Random assignment is effective because it overcomes selection effects and unobserved heterogeneity. As an example, assume a government department wanted to test the effects of two different income assistance programs on how long individuals remain on social assistance. If the depart ment wanted to make strong causal claims about the program, it would randomly assign some recipients to receive Program A while the others received Program B. Any observed differences at the end of the study would probably be the result of the differences in the programs (provided the experiment was properly administered and designed). By contrast, if the government department had allowed individuals to self-select into one program or another, differences in outcome could be a result of systematic differences between the two groups. For example, the factors that lead an individual to choose one program and not the other may also be what explain his or her difference in reliance on social assistance. Such unobserved differences and/or selection effects make program evaluation significantly more difficult.

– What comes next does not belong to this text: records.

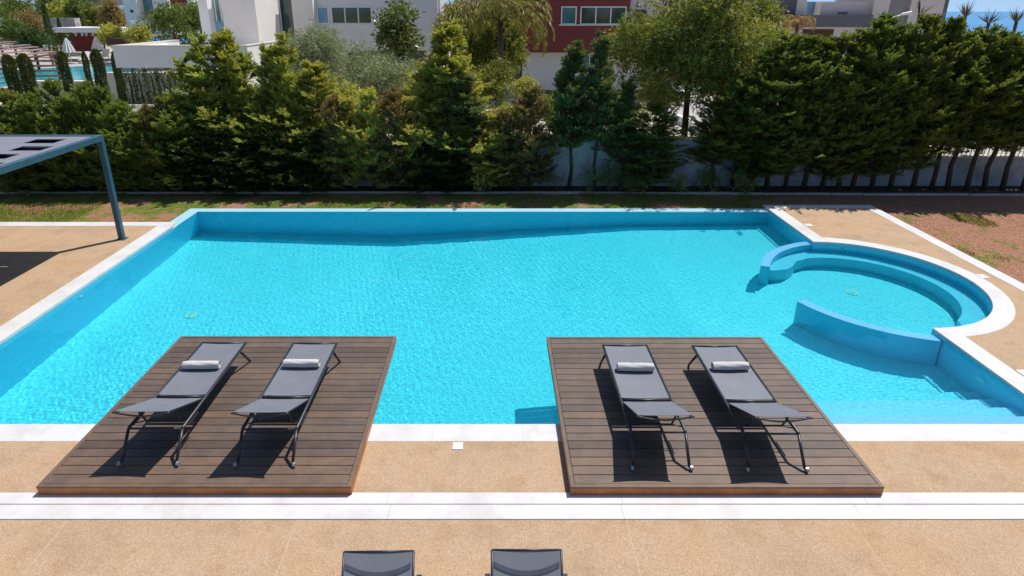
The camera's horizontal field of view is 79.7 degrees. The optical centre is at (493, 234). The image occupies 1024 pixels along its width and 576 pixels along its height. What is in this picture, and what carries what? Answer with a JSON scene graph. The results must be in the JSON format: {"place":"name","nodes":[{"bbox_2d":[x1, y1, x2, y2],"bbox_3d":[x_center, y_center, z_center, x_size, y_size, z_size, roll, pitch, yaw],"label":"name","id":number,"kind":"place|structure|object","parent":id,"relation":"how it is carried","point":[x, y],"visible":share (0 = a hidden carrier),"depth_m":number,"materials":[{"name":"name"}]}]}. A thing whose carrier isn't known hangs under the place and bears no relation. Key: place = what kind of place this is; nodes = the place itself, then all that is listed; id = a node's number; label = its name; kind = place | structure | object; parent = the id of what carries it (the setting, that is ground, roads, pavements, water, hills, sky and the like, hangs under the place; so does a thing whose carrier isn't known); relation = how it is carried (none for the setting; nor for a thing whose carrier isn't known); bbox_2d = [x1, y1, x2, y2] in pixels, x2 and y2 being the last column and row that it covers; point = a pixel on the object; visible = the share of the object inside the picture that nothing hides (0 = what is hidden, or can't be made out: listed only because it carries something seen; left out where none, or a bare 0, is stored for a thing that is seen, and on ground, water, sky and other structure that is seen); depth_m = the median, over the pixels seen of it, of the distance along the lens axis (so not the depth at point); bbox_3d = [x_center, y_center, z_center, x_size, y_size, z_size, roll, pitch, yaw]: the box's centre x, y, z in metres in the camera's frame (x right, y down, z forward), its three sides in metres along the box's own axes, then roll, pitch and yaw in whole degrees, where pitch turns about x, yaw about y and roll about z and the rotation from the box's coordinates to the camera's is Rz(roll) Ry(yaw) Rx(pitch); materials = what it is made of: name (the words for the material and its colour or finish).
{"place":"outdoors","nodes":[
{"label":"outdoors","id":0,"kind":"place"},
{"bbox_2d":[0,58,110,88],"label":"neighbour terrace","id":1,"kind":"structure","parent":0,"point":[107,61],"depth_m":60.81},
{"bbox_2d":[0,37,61,79],"bbox_3d":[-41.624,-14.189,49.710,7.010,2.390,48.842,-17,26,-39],"label":"slatted pergola","id":2,"kind":"object","parent":1,"relation":"on","point":[53,53],"visible":0.39,"depth_m":41.23,"materials":[{"name":"white wood"}]},
{"bbox_2d":[11,24,55,69],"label":"garden tree","id":3,"kind":"object","parent":1,"relation":"on","point":[33,36],"visible":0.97,"depth_m":51.16,"materials":[{"name":"green plant"}]},
{"bbox_2d":[52,27,131,51],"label":"pool house","id":4,"kind":"structure","parent":1,"relation":"on","point":[81,42],"depth_m":63.42,"materials":[{"name":"paint"}]},
{"bbox_2d":[93,0,126,35],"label":"garden tree","id":5,"kind":"object","parent":1,"relation":"on","point":[110,11],"visible":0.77,"depth_m":65.42,"materials":[{"name":"green plant"}]},
{"bbox_2d":[122,0,199,35],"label":"white house","id":6,"kind":"structure","parent":0,"point":[133,9],"depth_m":58.63,"materials":[{"name":"white paint"}]},
{"bbox_2d":[0,212,1023,423],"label":"pool water","id":7,"kind":"structure","parent":0,"point":[471,311],"depth_m":10.89,"materials":[{"name":"blue liquid"}]},
{"bbox_2d":[0,208,1023,575],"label":"terrace","id":8,"kind":"structure","parent":0,"point":[38,264],"depth_m":6.14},
{"bbox_2d":[0,135,128,240],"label":"shade canopy","id":9,"kind":"object","parent":8,"relation":"on","point":[18,151],"visible":1,"depth_m":12.56,"materials":[{"name":"metal"}]},
{"bbox_2d":[36,336,395,494],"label":"wooden deck","id":10,"kind":"structure","parent":8,"relation":"on","point":[334,429],"depth_m":7.27,"materials":[{"name":"brown wood"}]},
{"bbox_2d":[112,342,250,465],"bbox_3d":[-3.830,1.889,7.700,0.686,0.665,2.186,0,20,0],"label":"sun lounger","id":11,"kind":"object","parent":10,"relation":"on","point":[180,381],"visible":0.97,"depth_m":7.65,"materials":[{"name":"fabric"}]},
{"bbox_2d":[231,342,340,466],"bbox_3d":[-2.535,1.895,7.686,0.686,0.665,2.186,0,20,0],"label":"sun lounger","id":12,"kind":"object","parent":10,"relation":"on","point":[287,390],"visible":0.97,"depth_m":7.64,"materials":[{"name":"fabric"}]},
{"bbox_2d":[341,550,421,575],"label":"reclining lounger","id":13,"kind":"object","parent":8,"relation":"on","point":[381,563],"visible":1,"depth_m":4.86,"materials":[{"name":"fabric"}]},
{"bbox_2d":[0,493,1023,519],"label":"marble band","id":14,"kind":"object","parent":8,"relation":"on","point":[568,506],"visible":1,"depth_m":6.39,"materials":[{"name":"white stone"}]},
{"bbox_2d":[0,205,1023,440],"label":"pool coping","id":15,"kind":"object","parent":8,"relation":"on","point":[1001,315],"visible":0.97,"depth_m":7.68,"materials":[{"name":"stone"}]},
{"bbox_2d":[0,205,1023,291],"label":"terrace border","id":16,"kind":"object","parent":8,"relation":"on","point":[976,263],"visible":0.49,"depth_m":14.78,"materials":[{"name":"stone"}]},
{"bbox_2d":[485,549,567,575],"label":"reclining lounger","id":17,"kind":"object","parent":8,"relation":"on","point":[526,562],"visible":1,"depth_m":4.87,"materials":[{"name":"fabric"}]},
{"bbox_2d":[546,337,884,494],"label":"wooden deck","id":18,"kind":"structure","parent":8,"relation":"on","point":[595,435],"depth_m":7.27,"materials":[{"name":"brown wood"}]},
{"bbox_2d":[599,344,694,470],"bbox_3d":[1.845,1.913,7.635,0.686,0.665,2.186,0,20,0],"label":"sun lounger","id":19,"kind":"object","parent":18,"relation":"on","point":[643,385],"visible":0.96,"depth_m":7.61,"materials":[{"name":"fabric"}]},
{"bbox_2d":[688,345,812,471],"bbox_3d":[3.100,1.922,7.611,0.686,0.665,2.186,0,20,0],"label":"sun lounger","id":20,"kind":"object","parent":18,"relation":"on","point":[748,392],"visible":0.95,"depth_m":7.57,"materials":[{"name":"fabric"}]},
{"bbox_2d":[0,42,1023,283],"bbox_3d":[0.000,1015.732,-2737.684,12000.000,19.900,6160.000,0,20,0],"label":"ground","id":21,"kind":"structure","parent":0,"point":[153,207],"depth_m":16.74,"materials":[{"name":"soil"}]},
{"bbox_2d":[15,53,42,106],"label":"columnar cypress","id":22,"kind":"object","parent":21,"relation":"on","point":[27,73],"visible":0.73,"depth_m":32.53,"materials":[{"name":"green plant"}]},
{"bbox_2d":[10,72,191,102],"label":"garden wall","id":23,"kind":"structure","parent":21,"relation":"on","point":[111,81],"depth_m":34.81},
{"bbox_2d":[134,0,198,41],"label":"garden tree","id":24,"kind":"object","parent":21,"relation":"on","point":[165,18],"visible":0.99,"depth_m":42.81,"materials":[{"name":"green plant"}]},
{"bbox_2d":[162,55,224,146],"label":"conifer tree","id":25,"kind":"object","parent":21,"relation":"on","point":[177,91],"visible":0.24,"depth_m":17.72,"materials":[{"name":"green plant"}]},
{"bbox_2d":[160,134,230,192],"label":"thuja tree","id":26,"kind":"object","parent":21,"relation":"on","point":[191,164],"visible":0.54,"depth_m":17.28,"materials":[{"name":"green plant"}]},
{"bbox_2d":[173,32,264,169],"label":"conifer tree","id":27,"kind":"object","parent":21,"relation":"on","point":[197,52],"visible":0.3,"depth_m":17.60,"materials":[{"name":"green plant"}]},
{"bbox_2d":[183,25,271,174],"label":"conifer tree","id":28,"kind":"object","parent":21,"relation":"on","point":[220,52],"visible":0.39,"depth_m":17.53,"materials":[{"name":"green plant"}]},
{"bbox_2d":[192,50,294,150],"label":"conifer tree","id":29,"kind":"object","parent":21,"relation":"on","point":[245,97],"visible":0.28,"depth_m":17.77,"materials":[{"name":"green plant"}]},
{"bbox_2d":[236,41,315,132],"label":"conifer tree","id":30,"kind":"object","parent":21,"relation":"on","point":[263,82],"visible":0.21,"depth_m":17.81,"materials":[{"name":"green plant"}]},
{"bbox_2d":[238,31,326,175],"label":"conifer tree","id":31,"kind":"object","parent":21,"relation":"on","point":[283,51],"visible":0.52,"depth_m":17.71,"materials":[{"name":"green plant"}]},
{"bbox_2d":[275,58,350,178],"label":"conifer tree","id":32,"kind":"object","parent":21,"relation":"on","point":[313,69],"visible":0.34,"depth_m":17.94,"materials":[{"name":"green plant"}]},
{"bbox_2d":[281,18,356,118],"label":"olive tree","id":33,"kind":"object","parent":21,"relation":"on","point":[320,48],"visible":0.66,"depth_m":25.56,"materials":[{"name":"green plant"}]},
{"bbox_2d":[197,0,445,94],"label":"white house","id":34,"kind":"structure","parent":21,"relation":"on","point":[251,21],"depth_m":31.94,"materials":[{"name":"white paint"}]},
{"bbox_2d":[111,40,277,96],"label":"canopy slab","id":35,"kind":"structure","parent":34,"relation":"attached to","point":[157,54],"depth_m":24.08,"materials":[{"name":"concrete"}]},
{"bbox_2d":[330,6,373,24],"bbox_3d":[-7.462,-11.480,32.164,2.356,0.920,0.140,0,20,0],"label":"window","id":36,"kind":"structure","parent":34,"relation":"in","point":[340,15],"depth_m":32.19,"materials":[{"name":"white glass"}]},
{"bbox_2d":[333,38,419,130],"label":"olive tree","id":37,"kind":"object","parent":21,"relation":"on","point":[383,77],"visible":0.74,"depth_m":22.78,"materials":[{"name":"green plant"}]},
{"bbox_2d":[368,0,426,76],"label":"magnolia tree","id":38,"kind":"object","parent":21,"relation":"on","point":[397,36],"visible":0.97,"depth_m":27.24,"materials":[{"name":"green plant"}]},
{"bbox_2d":[392,17,513,173],"bbox_3d":[-1.157,-3.875,18.070,3.664,4.791,4.838,0,20,0],"label":"conifer tree","id":39,"kind":"object","parent":21,"relation":"on","point":[433,76],"visible":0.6,"depth_m":17.50,"materials":[{"name":"green plant"}]},
{"bbox_2d":[473,55,518,110],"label":"garden bush","id":40,"kind":"object","parent":21,"relation":"on","point":[497,69],"visible":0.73,"depth_m":20.86,"materials":[{"name":"green plant"}]},
{"bbox_2d":[446,0,554,106],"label":"willow tree","id":41,"kind":"object","parent":21,"relation":"on","point":[500,12],"visible":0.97,"depth_m":23.08,"materials":[{"name":"green plant"}]},
{"bbox_2d":[470,18,530,84],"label":"leafy tree","id":42,"kind":"object","parent":21,"relation":"on","point":[514,53],"visible":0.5,"depth_m":26.73,"materials":[{"name":"green plant"}]},
{"bbox_2d":[0,191,1009,261],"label":"lawn grass","id":43,"kind":"structure","parent":21,"relation":"on","point":[959,218],"depth_m":16.76,"materials":[{"name":"green plant"}]},
{"bbox_2d":[0,186,1023,192],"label":"planting bed","id":44,"kind":"object","parent":21,"relation":"on","point":[937,189],"depth_m":18.00,"materials":[{"name":"soil"}]},
{"bbox_2d":[0,87,53,192],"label":"thuja tree","id":45,"kind":"object","parent":44,"relation":"on","point":[7,96],"visible":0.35,"depth_m":17.13,"materials":[{"name":"green plant"}]},
{"bbox_2d":[0,91,68,195],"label":"thuja tree","id":46,"kind":"object","parent":44,"relation":"on","point":[25,103],"visible":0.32,"depth_m":17.17,"materials":[{"name":"green plant"}]},
{"bbox_2d":[32,77,101,188],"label":"thuja tree","id":47,"kind":"object","parent":44,"relation":"on","point":[52,87],"visible":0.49,"depth_m":17.09,"materials":[{"name":"green plant"}]},
{"bbox_2d":[41,94,98,188],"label":"thuja tree","id":48,"kind":"object","parent":44,"relation":"on","point":[82,155],"visible":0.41,"depth_m":17.14,"materials":[{"name":"green plant"}]},
{"bbox_2d":[51,78,127,192],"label":"thuja tree","id":49,"kind":"object","parent":44,"relation":"on","point":[81,90],"visible":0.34,"depth_m":17.09,"materials":[{"name":"green plant"}]},
{"bbox_2d":[69,83,138,189],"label":"thuja tree","id":50,"kind":"object","parent":44,"relation":"on","point":[103,96],"visible":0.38,"depth_m":17.14,"materials":[{"name":"green plant"}]},
{"bbox_2d":[83,98,147,192],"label":"thuja tree","id":51,"kind":"object","parent":44,"relation":"on","point":[124,106],"visible":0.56,"depth_m":17.18,"materials":[{"name":"green plant"}]},
{"bbox_2d":[104,110,167,189],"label":"thuja tree","id":52,"kind":"object","parent":44,"relation":"on","point":[135,132],"visible":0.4,"depth_m":17.26,"materials":[{"name":"green plant"}]},
{"bbox_2d":[112,94,199,189],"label":"thuja tree","id":53,"kind":"object","parent":44,"relation":"on","point":[165,106],"visible":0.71,"depth_m":17.18,"materials":[{"name":"green plant"}]},
{"bbox_2d":[140,128,220,190],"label":"thuja tree","id":54,"kind":"object","parent":44,"relation":"on","point":[172,141],"visible":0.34,"depth_m":17.29,"materials":[{"name":"green plant"}]},
{"bbox_2d":[169,126,259,194],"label":"thuja tree","id":55,"kind":"object","parent":44,"relation":"on","point":[212,136],"visible":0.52,"depth_m":17.32,"materials":[{"name":"green plant"}]},
{"bbox_2d":[192,135,265,193],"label":"thuja tree","id":56,"kind":"object","parent":44,"relation":"on","point":[235,188],"visible":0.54,"depth_m":17.29,"materials":[{"name":"green plant"}]},
{"bbox_2d":[208,128,293,193],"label":"thuja tree","id":57,"kind":"object","parent":44,"relation":"on","point":[250,134],"visible":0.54,"depth_m":17.34,"materials":[{"name":"green plant"}]},
{"bbox_2d":[219,125,304,192],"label":"thuja tree","id":58,"kind":"object","parent":44,"relation":"on","point":[274,137],"visible":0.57,"depth_m":17.30,"materials":[{"name":"green plant"}]},
{"bbox_2d":[251,131,338,193],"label":"thuja tree","id":59,"kind":"object","parent":44,"relation":"on","point":[295,140],"visible":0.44,"depth_m":17.36,"materials":[{"name":"green plant"}]},
{"bbox_2d":[270,128,350,192],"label":"thuja tree","id":60,"kind":"object","parent":44,"relation":"on","point":[306,137],"visible":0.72,"depth_m":17.31,"materials":[{"name":"green plant"}]},
{"bbox_2d":[308,91,357,188],"bbox_3d":[-4.513,-2.649,17.536,1.569,2.847,1.405,0,20,0],"label":"conifer shrub","id":61,"kind":"object","parent":44,"relation":"on","point":[330,110],"visible":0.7,"depth_m":17.25,"materials":[{"name":"green plant"}]},
{"bbox_2d":[318,97,374,188],"bbox_3d":[-4.155,-2.595,17.562,1.764,2.729,1.839,6,21,15],"label":"conifer shrub","id":62,"kind":"object","parent":44,"relation":"on","point":[347,105],"visible":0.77,"depth_m":17.32,"materials":[{"name":"green plant"}]},
{"bbox_2d":[346,85,398,189],"bbox_3d":[-3.492,-2.725,17.520,1.829,3.003,1.754,1,20,3],"label":"conifer shrub","id":63,"kind":"object","parent":44,"relation":"on","point":[367,110],"visible":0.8,"depth_m":17.23,"materials":[{"name":"green plant"}]},
{"bbox_2d":[360,85,426,188],"bbox_3d":[-2.836,-2.733,17.502,1.924,3.026,1.724,-6,21,-16],"label":"conifer shrub","id":64,"kind":"object","parent":44,"relation":"on","point":[391,107],"visible":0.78,"depth_m":17.18,"materials":[{"name":"green plant"}]},
{"bbox_2d":[380,95,439,188],"bbox_3d":[-2.400,-2.615,17.572,1.645,2.760,1.715,14,25,34],"label":"conifer shrub","id":65,"kind":"object","parent":44,"relation":"on","point":[411,101],"visible":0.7,"depth_m":17.26,"materials":[{"name":"green plant"}]},
{"bbox_2d":[375,141,461,193],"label":"thuja tree","id":66,"kind":"object","parent":44,"relation":"on","point":[427,150],"visible":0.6,"depth_m":17.43,"materials":[{"name":"green plant"}]},
{"bbox_2d":[405,146,479,194],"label":"thuja tree","id":67,"kind":"object","parent":44,"relation":"on","point":[455,174],"visible":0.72,"depth_m":17.55,"materials":[{"name":"green plant"}]},
{"bbox_2d":[429,69,490,189],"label":"conifer tree","id":68,"kind":"object","parent":44,"relation":"on","point":[464,101],"visible":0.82,"depth_m":17.05,"materials":[{"name":"green plant"}]},
{"bbox_2d":[453,111,517,188],"bbox_3d":[-0.200,-2.419,17.710,2.101,2.297,2.015,8,21,20],"label":"conifer shrub","id":69,"kind":"object","parent":44,"relation":"on","point":[490,139],"visible":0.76,"depth_m":17.29,"materials":[{"name":"green plant"}]},
{"bbox_2d":[474,109,536,188],"bbox_3d":[0.292,-2.464,17.692,1.704,2.392,1.527,8,22,22],"label":"conifer shrub","id":70,"kind":"object","parent":44,"relation":"on","point":[506,125],"visible":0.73,"depth_m":17.39,"materials":[{"name":"green plant"}]},
{"bbox_2d":[500,82,563,189],"bbox_3d":[1.016,-2.767,17.509,1.937,3.086,2.162,-4,20,-11],"label":"conifer shrub","id":71,"kind":"object","parent":44,"relation":"on","point":[530,105],"visible":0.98,"depth_m":17.22,"materials":[{"name":"green plant"}]},
{"bbox_2d":[537,39,601,189],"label":"conifer tree","id":72,"kind":"object","parent":44,"relation":"on","point":[568,86],"visible":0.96,"depth_m":16.93,"materials":[{"name":"green plant"}]},
{"bbox_2d":[569,29,627,188],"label":"conifer tree","id":73,"kind":"object","parent":44,"relation":"on","point":[603,107],"visible":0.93,"depth_m":16.93,"materials":[{"name":"green plant"}]},
{"bbox_2d":[590,76,649,188],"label":"conifer tree","id":74,"kind":"object","parent":44,"relation":"on","point":[628,96],"visible":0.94,"depth_m":17.17,"materials":[{"name":"green plant"}]},
{"bbox_2d":[604,101,705,189],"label":"cypress tree","id":75,"kind":"object","parent":44,"relation":"on","point":[663,120],"visible":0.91,"depth_m":17.34,"materials":[{"name":"green plant"}]},
{"bbox_2d":[677,95,749,189],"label":"cypress tree","id":76,"kind":"object","parent":44,"relation":"on","point":[717,106],"visible":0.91,"depth_m":17.30,"materials":[{"name":"green plant"}]},
{"bbox_2d":[701,71,795,189],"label":"cypress tree","id":77,"kind":"object","parent":44,"relation":"on","point":[742,100],"visible":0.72,"depth_m":16.91,"materials":[{"name":"green plant"}]},
{"bbox_2d":[710,46,808,189],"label":"cypress tree","id":78,"kind":"object","parent":44,"relation":"on","point":[742,164],"visible":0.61,"depth_m":16.87,"materials":[{"name":"green plant"}]},
{"bbox_2d":[731,32,848,189],"bbox_3d":[8.008,-3.346,17.134,2.951,4.440,2.642,14,24,34],"label":"cypress tree","id":79,"kind":"object","parent":44,"relation":"on","point":[789,42],"visible":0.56,"depth_m":16.62,"materials":[{"name":"green plant"}]},
{"bbox_2d":[764,33,842,189],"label":"cypress tree","id":80,"kind":"object","parent":44,"relation":"on","point":[814,42],"visible":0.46,"depth_m":16.65,"materials":[{"name":"green plant"}]},
{"bbox_2d":[786,34,861,189],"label":"cypress tree","id":81,"kind":"object","parent":44,"relation":"on","point":[831,43],"visible":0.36,"depth_m":16.71,"materials":[{"name":"green plant"}]},
{"bbox_2d":[801,31,905,190],"bbox_3d":[9.733,-3.407,17.253,2.415,4.472,2.697,4,20,11],"label":"cypress tree","id":82,"kind":"object","parent":44,"relation":"on","point":[849,38],"visible":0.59,"depth_m":16.66,"materials":[{"name":"green plant"}]},
{"bbox_2d":[823,27,901,190],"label":"cypress tree","id":83,"kind":"object","parent":44,"relation":"on","point":[868,33],"visible":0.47,"depth_m":16.60,"materials":[{"name":"green plant"}]},
{"bbox_2d":[832,10,922,190],"bbox_3d":[10.347,-3.636,17.137,2.472,4.979,2.215,7,21,18],"label":"cypress tree","id":84,"kind":"object","parent":44,"relation":"on","point":[886,21],"visible":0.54,"depth_m":16.41,"materials":[{"name":"green plant"}]},
{"bbox_2d":[844,21,953,190],"bbox_3d":[11.048,-3.438,17.010,2.685,4.698,2.404,12,23,30],"label":"cypress tree","id":85,"kind":"object","parent":44,"relation":"on","point":[899,145],"visible":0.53,"depth_m":16.55,"materials":[{"name":"green plant"}]},
{"bbox_2d":[869,12,973,190],"bbox_3d":[11.565,-3.591,17.074,2.068,4.936,2.702,1,20,3],"label":"cypress tree","id":86,"kind":"object","parent":44,"relation":"on","point":[931,27],"visible":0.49,"depth_m":16.46,"materials":[{"name":"green plant"}]},
{"bbox_2d":[900,14,996,190],"bbox_3d":[12.402,-3.600,17.161,2.584,4.894,2.315,-2,20,-4],"label":"cypress tree","id":87,"kind":"object","parent":44,"relation":"on","point":[956,26],"visible":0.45,"depth_m":16.55,"materials":[{"name":"green plant"}]},
{"bbox_2d":[922,27,1011,190],"bbox_3d":[12.820,-3.432,17.194,2.226,4.560,2.354,-16,25,-37],"label":"cypress tree","id":88,"kind":"object","parent":44,"relation":"on","point":[969,42],"visible":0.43,"depth_m":16.52,"materials":[{"name":"green plant"}]},
{"bbox_2d":[938,22,1023,190],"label":"cypress tree","id":89,"kind":"object","parent":44,"relation":"on","point":[988,37],"visible":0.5,"depth_m":16.41,"materials":[{"name":"green plant"}]},
{"bbox_2d":[943,28,1023,190],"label":"cypress tree","id":90,"kind":"object","parent":44,"relation":"on","point":[1015,66],"visible":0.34,"depth_m":16.59,"materials":[{"name":"green plant"}]},
{"bbox_2d":[976,33,1023,190],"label":"cypress tree","id":91,"kind":"object","parent":44,"relation":"on","point":[985,179],"visible":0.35,"depth_m":16.89,"materials":[{"name":"green plant"}]},
{"bbox_2d":[0,191,1023,195],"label":"bed kerb","id":92,"kind":"structure","parent":21,"relation":"on","point":[583,192],"depth_m":17.69,"materials":[{"name":"concrete"}]},
{"bbox_2d":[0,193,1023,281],"bbox_3d":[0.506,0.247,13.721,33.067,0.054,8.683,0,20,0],"label":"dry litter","id":93,"kind":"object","parent":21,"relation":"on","point":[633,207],"visible":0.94,"depth_m":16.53,"materials":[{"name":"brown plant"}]},
{"bbox_2d":[0,208,1023,398],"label":"pool wall","id":94,"kind":"structure","parent":21,"relation":"in","point":[764,208],"depth_m":11.67,"materials":[{"name":"tile"}]},
{"bbox_2d":[170,208,767,227],"bbox_3d":[-0.436,-0.414,15.516,15.213,0.022,1.573,0,20,0],"label":"pool weir cap","id":95,"kind":"object","parent":94,"relation":"on","point":[184,216],"visible":0.88,"depth_m":16.08,"materials":[{"name":"stone"}]},
{"bbox_2d":[12,136,1023,185],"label":"boundary wall","id":96,"kind":"structure","parent":21,"relation":"on","point":[583,155],"depth_m":18.21,"materials":[{"name":"concrete"}]},
{"bbox_2d":[589,0,796,135],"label":"broadleaf tree","id":97,"kind":"object","parent":21,"relation":"on","point":[688,42],"visible":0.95,"depth_m":17.38,"materials":[{"name":"green plant"}]},
{"bbox_2d":[731,0,792,26],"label":"tree","id":98,"kind":"object","parent":21,"relation":"on","point":[763,9],"visible":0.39,"depth_m":22.14,"materials":[{"name":"green plant"}]},
{"bbox_2d":[753,0,948,60],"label":"grey house","id":99,"kind":"structure","parent":21,"relation":"on","point":[836,18],"depth_m":48.61,"materials":[{"name":"grey paint"}]},
{"bbox_2d":[0,0,1023,11],"label":"sky","id":100,"kind":"structure","parent":0,"point":[980,5],"materials":[{"name":"blue"}]},
{"bbox_2d":[69,12,1023,41],"bbox_3d":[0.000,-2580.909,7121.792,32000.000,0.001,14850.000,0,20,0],"label":"sea","id":101,"kind":"structure","parent":0,"point":[974,20],"depth_m":1253.08,"materials":[{"name":"liquid"}]},
{"bbox_2d":[504,90,699,97],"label":"garden path","id":102,"kind":"structure","parent":0,"point":[548,91],"depth_m":39.18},
{"bbox_2d":[510,0,685,89],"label":"red house","id":103,"kind":"structure","parent":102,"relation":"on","point":[577,20],"depth_m":34.17,"materials":[{"name":"red paint"}]},
{"bbox_2d":[578,6,626,25],"bbox_3d":[6.043,-12.073,33.863,2.735,0.994,0.140,0,20,0],"label":"window","id":104,"kind":"structure","parent":103,"relation":"in","point":[589,15],"depth_m":33.89,"materials":[{"name":"white glass"}]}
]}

Random assignment can take several different forms. The three most common are (1) simple, (2) blocked, and (3) matched. In simple random assignment, subjects (which could be individuals, schools, cities, etc.) are individually assigned to treatment or control. In a blocked randomization, subjects are first grouped together according to some characteristic of interest; for example, a researcher who was interested in the effects of a school voucher program on subjects from different ethnic backgrounds may first group or block subjects according to their observed ethnicity. Randomization would then occur within the group. Blocking is typically used when a researcher wants to determine whether a treatment has different effects on different groups (rather than a constant causal effect). Blocked treatments can lead to more precise or efficient causal estimates. Matched randomization is a special case of blocked randomization in which individual subjects are matched (most often in pairs) according to a matching algorithm that attempts to match subjects who are as similar as possible. Randomization then occurs between matched subjects. As with blocking, this results in more efficient or precise estimates of causal effect. The drawback of these methods is that they are often more difficult to implement.